§ THE PROBLEM
Return the entries below verbatim. Pictures stay out.
[[ TASK INPUTS open ]]
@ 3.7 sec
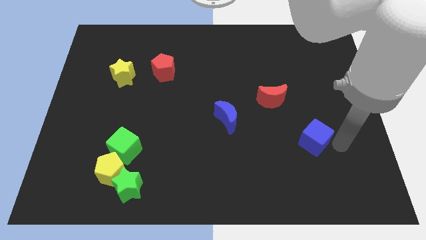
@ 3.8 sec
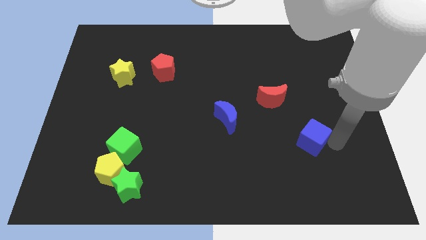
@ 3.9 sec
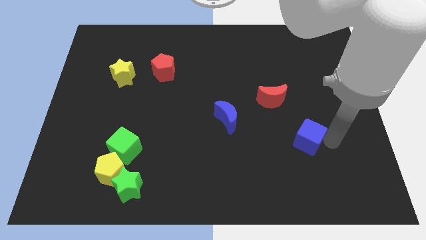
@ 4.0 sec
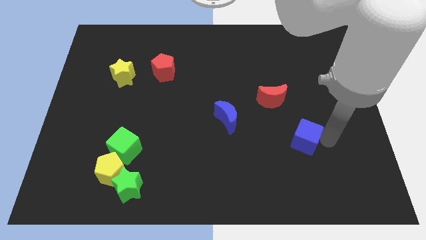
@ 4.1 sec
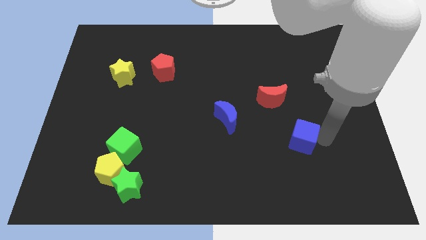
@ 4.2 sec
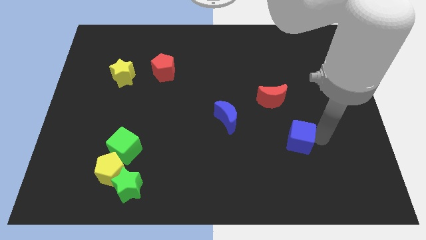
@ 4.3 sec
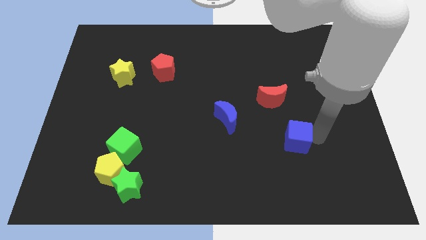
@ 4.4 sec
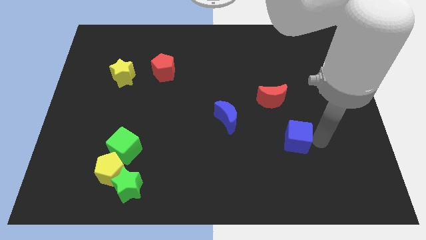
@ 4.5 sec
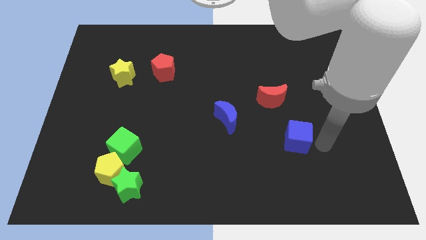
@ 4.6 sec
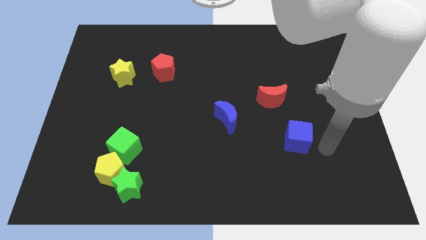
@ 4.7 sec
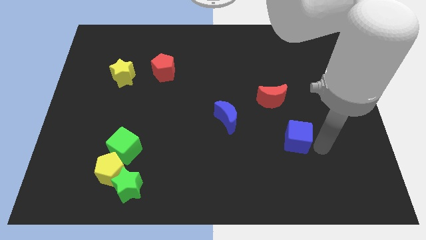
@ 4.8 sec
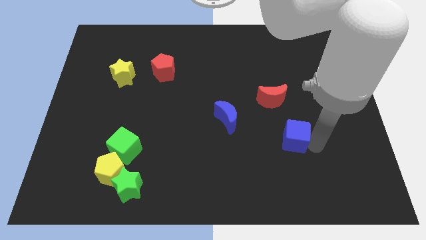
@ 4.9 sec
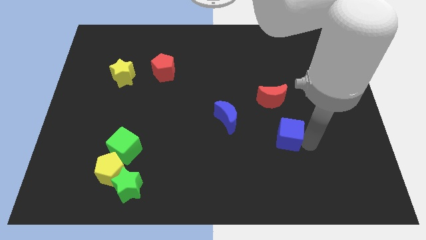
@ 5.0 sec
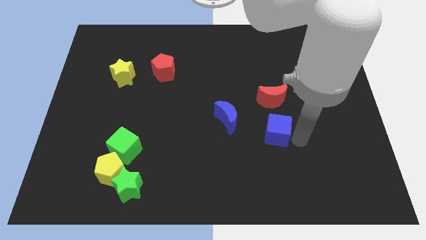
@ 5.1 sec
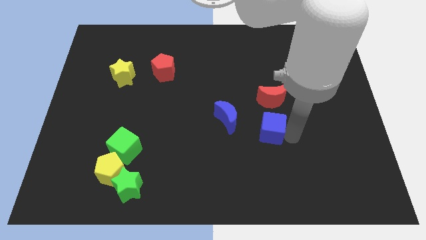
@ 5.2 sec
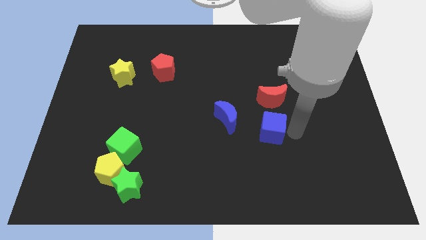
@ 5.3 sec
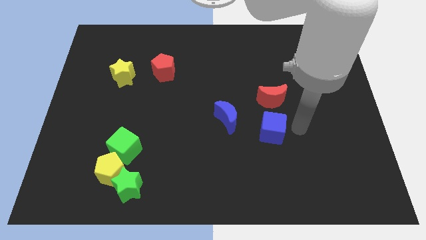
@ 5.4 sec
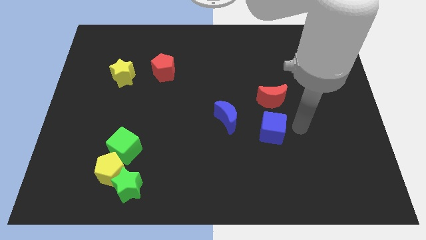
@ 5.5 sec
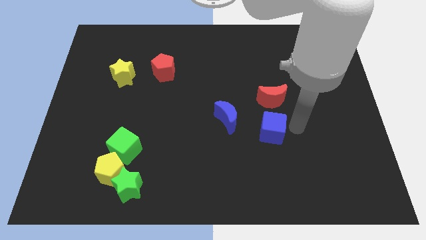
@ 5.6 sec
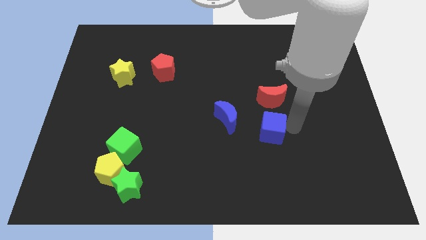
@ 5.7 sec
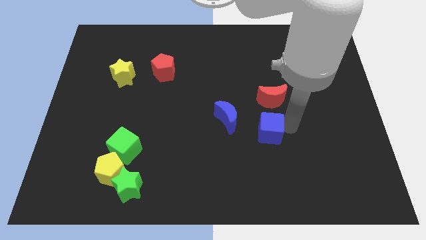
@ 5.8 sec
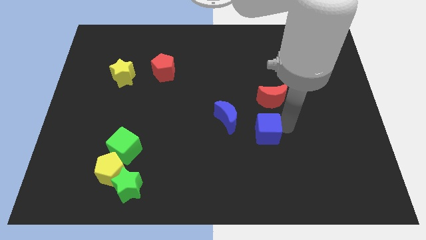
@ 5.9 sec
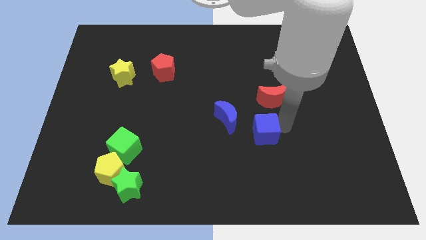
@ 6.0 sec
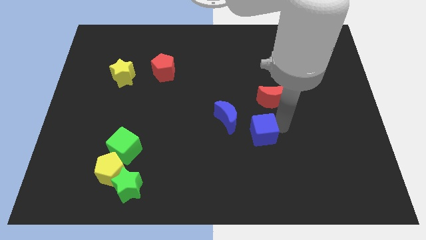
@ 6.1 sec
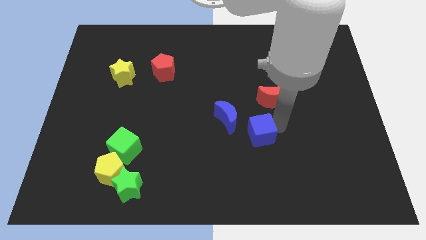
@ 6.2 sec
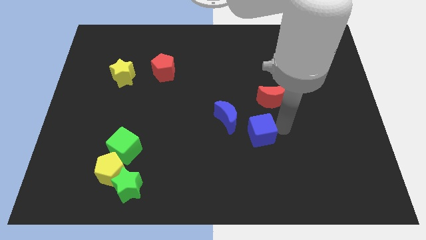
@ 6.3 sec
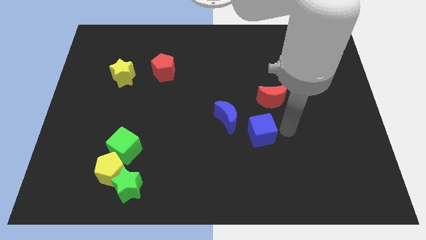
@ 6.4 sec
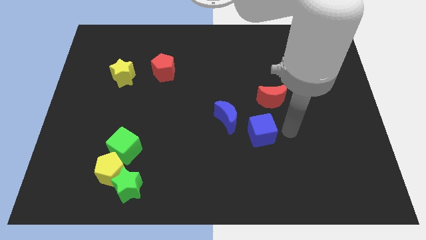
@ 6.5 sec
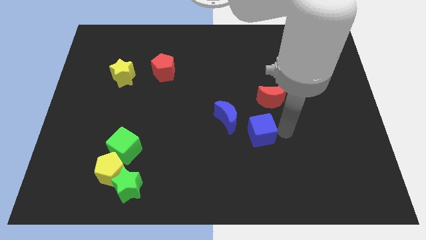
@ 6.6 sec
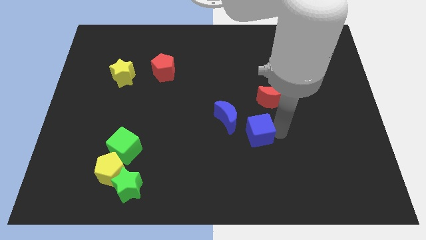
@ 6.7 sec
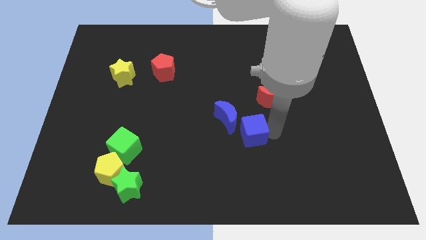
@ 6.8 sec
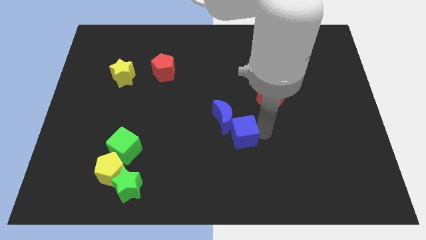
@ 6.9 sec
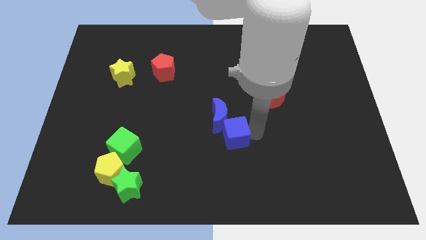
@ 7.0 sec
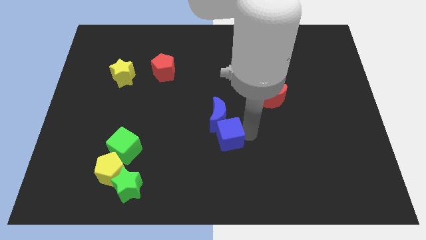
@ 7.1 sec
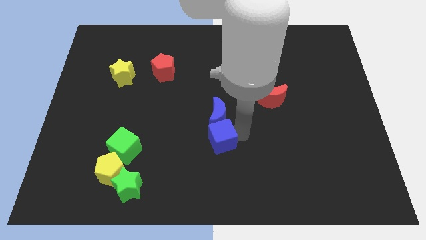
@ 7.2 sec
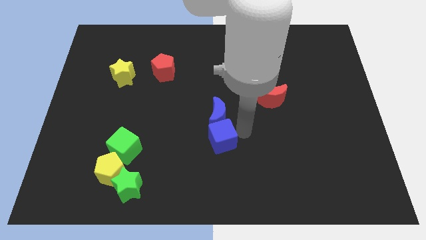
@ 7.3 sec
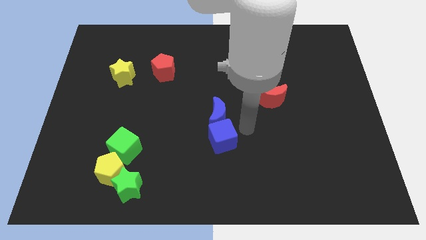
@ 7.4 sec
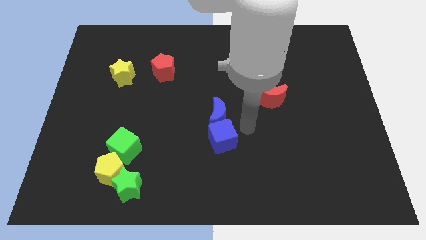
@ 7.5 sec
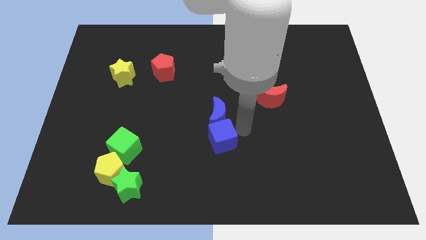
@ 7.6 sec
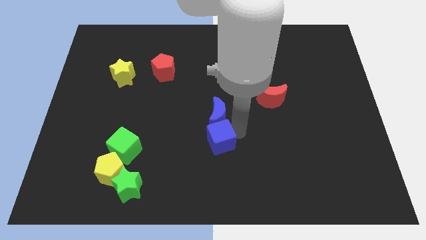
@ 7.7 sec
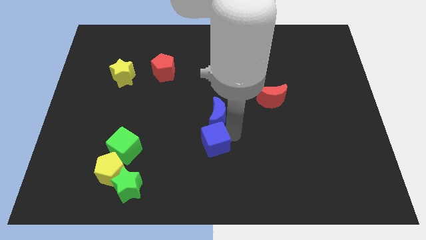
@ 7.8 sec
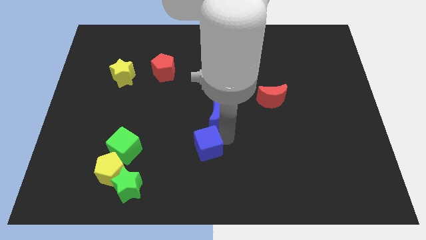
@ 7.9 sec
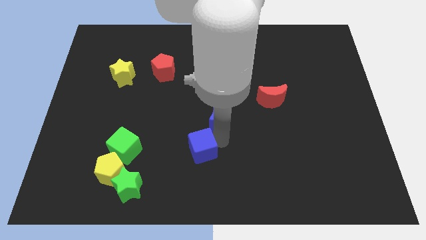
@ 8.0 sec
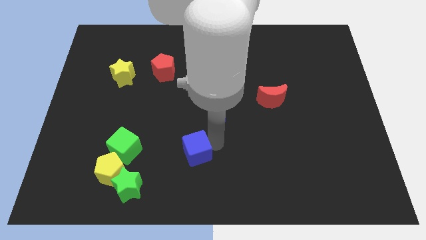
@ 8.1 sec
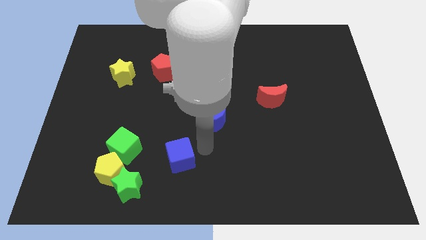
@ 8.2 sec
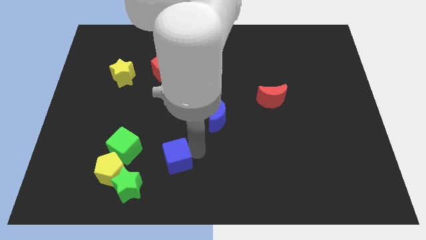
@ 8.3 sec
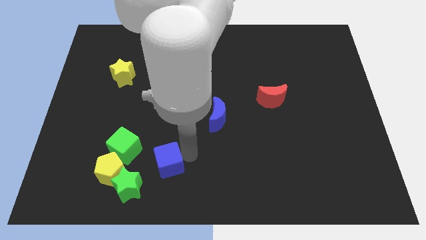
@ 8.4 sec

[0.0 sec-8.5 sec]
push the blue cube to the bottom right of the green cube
[[ TASK INPUTS closed ]]
§ ANSWER TO THIS PROBLEM
@ 3.7 sec
@ 3.8 sec
@ 3.9 sec
@ 4.0 sec
@ 4.1 sec
@ 4.2 sec
@ 4.3 sec
@ 4.4 sec
@ 4.5 sec
@ 4.6 sec
@ 4.7 sec
@ 4.8 sec
@ 4.9 sec
@ 5.0 sec
@ 5.1 sec
@ 5.2 sec
@ 5.3 sec
@ 5.4 sec
@ 5.5 sec
@ 5.6 sec
@ 5.7 sec
@ 5.8 sec
@ 5.9 sec
@ 6.0 sec
@ 6.1 sec
@ 6.2 sec
@ 6.3 sec
@ 6.4 sec
@ 6.5 sec
@ 6.6 sec
@ 6.7 sec
@ 6.8 sec
@ 6.9 sec
@ 7.0 sec
@ 7.1 sec
@ 7.2 sec
@ 7.3 sec
@ 7.4 sec
@ 7.5 sec
@ 7.6 sec
@ 7.7 sec
@ 7.8 sec
@ 7.9 sec
@ 8.0 sec
@ 8.1 sec
@ 8.2 sec
@ 8.3 sec
@ 8.4 sec

[0.0 sec-8.5 sec]
push the blue cube to the bottom right of the green cube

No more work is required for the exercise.